WORK INSTRUCTION >> Could you restate the data word for word and drop the pictures?

───── ENTRIES SHOWN

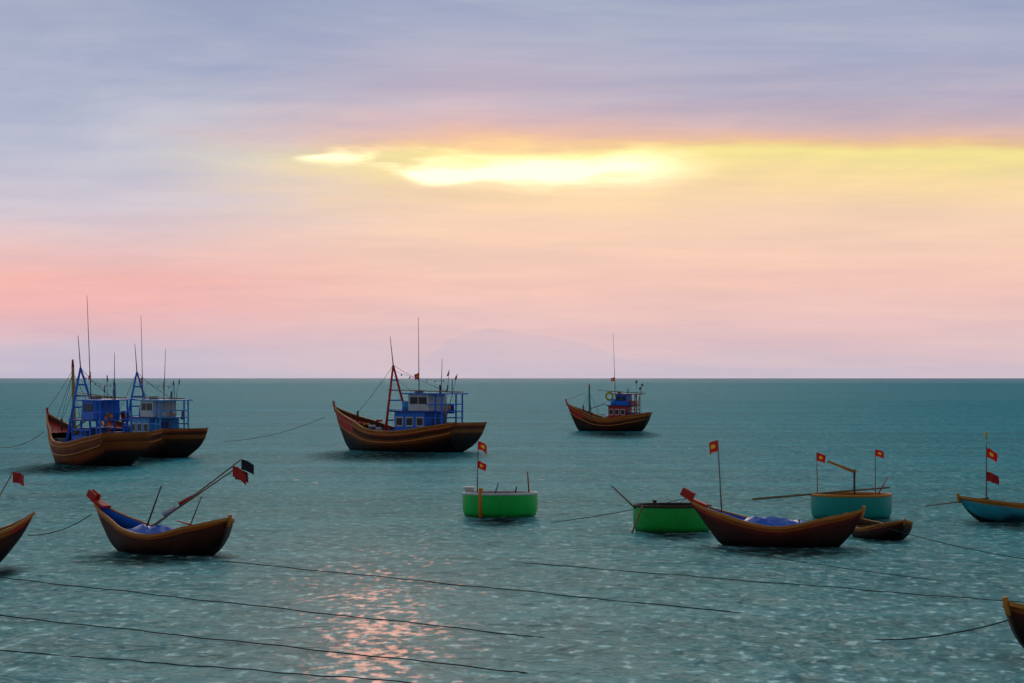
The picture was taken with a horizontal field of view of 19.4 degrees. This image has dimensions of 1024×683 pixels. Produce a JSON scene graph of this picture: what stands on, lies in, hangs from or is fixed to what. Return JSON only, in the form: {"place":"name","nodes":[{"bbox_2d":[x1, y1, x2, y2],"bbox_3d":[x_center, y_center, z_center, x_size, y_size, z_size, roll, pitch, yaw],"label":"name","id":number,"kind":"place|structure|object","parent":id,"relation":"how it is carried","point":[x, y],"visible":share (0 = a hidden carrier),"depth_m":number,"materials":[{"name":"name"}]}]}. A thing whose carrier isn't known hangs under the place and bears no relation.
{"place":"outdoors","nodes":[
{"label":"outdoors","id":0,"kind":"place"},
{"bbox_2d":[0,378,1023,682],"bbox_3d":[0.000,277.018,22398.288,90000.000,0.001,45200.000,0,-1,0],"label":"sea water","id":1,"kind":"structure","parent":0,"point":[302,498],"depth_m":80.12,"materials":[{"name":"teal liquid"}]},
{"bbox_2d":[0,472,34,562],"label":"boat","id":2,"kind":"object","parent":1,"relation":"on","point":[11,535],"visible":1,"depth_m":71.13,"materials":[{"name":"brown wood"}]},
{"bbox_2d":[46,303,151,465],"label":"fishing boat","id":3,"kind":"object","parent":1,"relation":"on","point":[71,443],"visible":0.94,"depth_m":154.50,"materials":[{"name":"brown wood"}]},
{"bbox_2d":[101,327,207,457],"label":"fishing boat","id":4,"kind":"object","parent":1,"relation":"on","point":[159,419],"visible":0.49,"depth_m":169.93,"materials":[{"name":"brown wood"}]},
{"bbox_2d":[86,459,253,555],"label":"boat","id":5,"kind":"object","parent":1,"relation":"on","point":[125,533],"visible":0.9,"depth_m":76.57,"materials":[{"name":"brown wood"}]},
{"bbox_2d":[332,319,486,451],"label":"fishing boat","id":6,"kind":"object","parent":1,"relation":"on","point":[421,424],"visible":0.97,"depth_m":182.96,"materials":[{"name":"brown wood"}]},
{"bbox_2d":[462,441,537,517],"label":"basket boat","id":7,"kind":"object","parent":1,"relation":"on","point":[496,503],"visible":0.82,"depth_m":96.79,"materials":[{"name":"paint"}]},
{"bbox_2d":[0,431,1023,575],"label":"hull reflections","id":8,"kind":"object","parent":1,"relation":"on","point":[139,558],"visible":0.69,"depth_m":90.12,"materials":[{"name":"teal liquid"}]},
{"bbox_2d":[0,417,1023,682],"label":"mooring ropes","id":9,"kind":"object","parent":1,"relation":"on","point":[458,627],"visible":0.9,"depth_m":58.24,"materials":[{"name":"black fabric"}]},
{"bbox_2d":[565,340,651,430],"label":"fishing boat","id":10,"kind":"object","parent":1,"relation":"on","point":[621,416],"visible":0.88,"depth_m":253.75,"materials":[{"name":"brown wood"}]},
{"bbox_2d":[611,486,711,532],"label":"basket boat","id":11,"kind":"object","parent":1,"relation":"on","point":[668,517],"visible":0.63,"depth_m":87.18,"materials":[{"name":"paint"}]},
{"bbox_2d":[680,440,865,547],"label":"boat","id":12,"kind":"object","parent":1,"relation":"on","point":[726,528],"visible":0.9,"depth_m":79.77,"materials":[{"name":"red wood"}]},
{"bbox_2d":[752,449,891,519],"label":"basket boat","id":13,"kind":"object","parent":1,"relation":"on","point":[878,505],"visible":0.83,"depth_m":95.46,"materials":[{"name":"paint"}]},
{"bbox_2d":[846,512,912,540],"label":"dark boat","id":14,"kind":"object","parent":1,"relation":"on","point":[864,529],"visible":0.73,"depth_m":83.09,"materials":[{"name":"brown wood"}]},
{"bbox_2d":[925,432,1023,521],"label":"boat","id":15,"kind":"object","parent":1,"relation":"on","point":[986,509],"visible":0.95,"depth_m":93.58,"materials":[{"name":"paint"}]},
{"bbox_2d":[1002,596,1023,647],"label":"boat","id":16,"kind":"object","parent":1,"relation":"on","point":[1014,612],"visible":1,"depth_m":47.58,"materials":[{"name":"brown wood"}]},
{"bbox_2d":[0,0,1023,377],"label":"sky","id":17,"kind":"structure","parent":0,"point":[257,188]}
]}

──────────

ANSWER >>
The picture was taken with a horizontal field of view of 19.4 degrees. This image has dimensions of 1024×683 pixels. Produce a JSON scene graph of this picture: what stands on, lies in, hangs from or is fixed to what. Return JSON only, in the form: {"place":"name","nodes":[{"bbox_2d":[x1, y1, x2, y2],"bbox_3d":[x_center, y_center, z_center, x_size, y_size, z_size, roll, pitch, yaw],"label":"name","id":number,"kind":"place|structure|object","parent":id,"relation":"how it is carried","point":[x, y],"visible":share (0 = a hidden carrier),"depth_m":number,"materials":[{"name":"name"}]}]}. A thing whose carrier isn't known hangs under the place and bears no relation.
{"place":"outdoors","nodes":[
{"label":"outdoors","id":0,"kind":"place"},
{"bbox_2d":[0,378,1023,682],"bbox_3d":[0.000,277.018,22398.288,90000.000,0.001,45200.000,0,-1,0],"label":"sea water","id":1,"kind":"structure","parent":0,"point":[302,498],"depth_m":80.12,"materials":[{"name":"teal liquid"}]},
{"bbox_2d":[0,472,34,562],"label":"boat","id":2,"kind":"object","parent":1,"relation":"on","point":[11,535],"visible":1,"depth_m":71.13,"materials":[{"name":"brown wood"}]},
{"bbox_2d":[46,303,151,465],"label":"fishing boat","id":3,"kind":"object","parent":1,"relation":"on","point":[71,443],"visible":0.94,"depth_m":154.50,"materials":[{"name":"brown wood"}]},
{"bbox_2d":[101,327,207,457],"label":"fishing boat","id":4,"kind":"object","parent":1,"relation":"on","point":[159,419],"visible":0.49,"depth_m":169.93,"materials":[{"name":"brown wood"}]},
{"bbox_2d":[86,459,253,555],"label":"boat","id":5,"kind":"object","parent":1,"relation":"on","point":[125,533],"visible":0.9,"depth_m":76.57,"materials":[{"name":"brown wood"}]},
{"bbox_2d":[332,319,486,451],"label":"fishing boat","id":6,"kind":"object","parent":1,"relation":"on","point":[421,424],"visible":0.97,"depth_m":182.96,"materials":[{"name":"brown wood"}]},
{"bbox_2d":[462,441,537,517],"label":"basket boat","id":7,"kind":"object","parent":1,"relation":"on","point":[496,503],"visible":0.82,"depth_m":96.79,"materials":[{"name":"paint"}]},
{"bbox_2d":[0,431,1023,575],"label":"hull reflections","id":8,"kind":"object","parent":1,"relation":"on","point":[139,558],"visible":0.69,"depth_m":90.12,"materials":[{"name":"teal liquid"}]},
{"bbox_2d":[0,417,1023,682],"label":"mooring ropes","id":9,"kind":"object","parent":1,"relation":"on","point":[458,627],"visible":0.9,"depth_m":58.24,"materials":[{"name":"black fabric"}]},
{"bbox_2d":[565,340,651,430],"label":"fishing boat","id":10,"kind":"object","parent":1,"relation":"on","point":[621,416],"visible":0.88,"depth_m":253.75,"materials":[{"name":"brown wood"}]},
{"bbox_2d":[611,486,711,532],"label":"basket boat","id":11,"kind":"object","parent":1,"relation":"on","point":[668,517],"visible":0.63,"depth_m":87.18,"materials":[{"name":"paint"}]},
{"bbox_2d":[680,440,865,547],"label":"boat","id":12,"kind":"object","parent":1,"relation":"on","point":[726,528],"visible":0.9,"depth_m":79.77,"materials":[{"name":"red wood"}]},
{"bbox_2d":[752,449,891,519],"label":"basket boat","id":13,"kind":"object","parent":1,"relation":"on","point":[878,505],"visible":0.83,"depth_m":95.46,"materials":[{"name":"paint"}]},
{"bbox_2d":[846,512,912,540],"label":"dark boat","id":14,"kind":"object","parent":1,"relation":"on","point":[864,529],"visible":0.73,"depth_m":83.09,"materials":[{"name":"brown wood"}]},
{"bbox_2d":[925,432,1023,521],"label":"boat","id":15,"kind":"object","parent":1,"relation":"on","point":[986,509],"visible":0.95,"depth_m":93.58,"materials":[{"name":"paint"}]},
{"bbox_2d":[1002,596,1023,647],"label":"boat","id":16,"kind":"object","parent":1,"relation":"on","point":[1014,612],"visible":1,"depth_m":47.58,"materials":[{"name":"brown wood"}]},
{"bbox_2d":[0,0,1023,377],"label":"sky","id":17,"kind":"structure","parent":0,"point":[257,188]}
]}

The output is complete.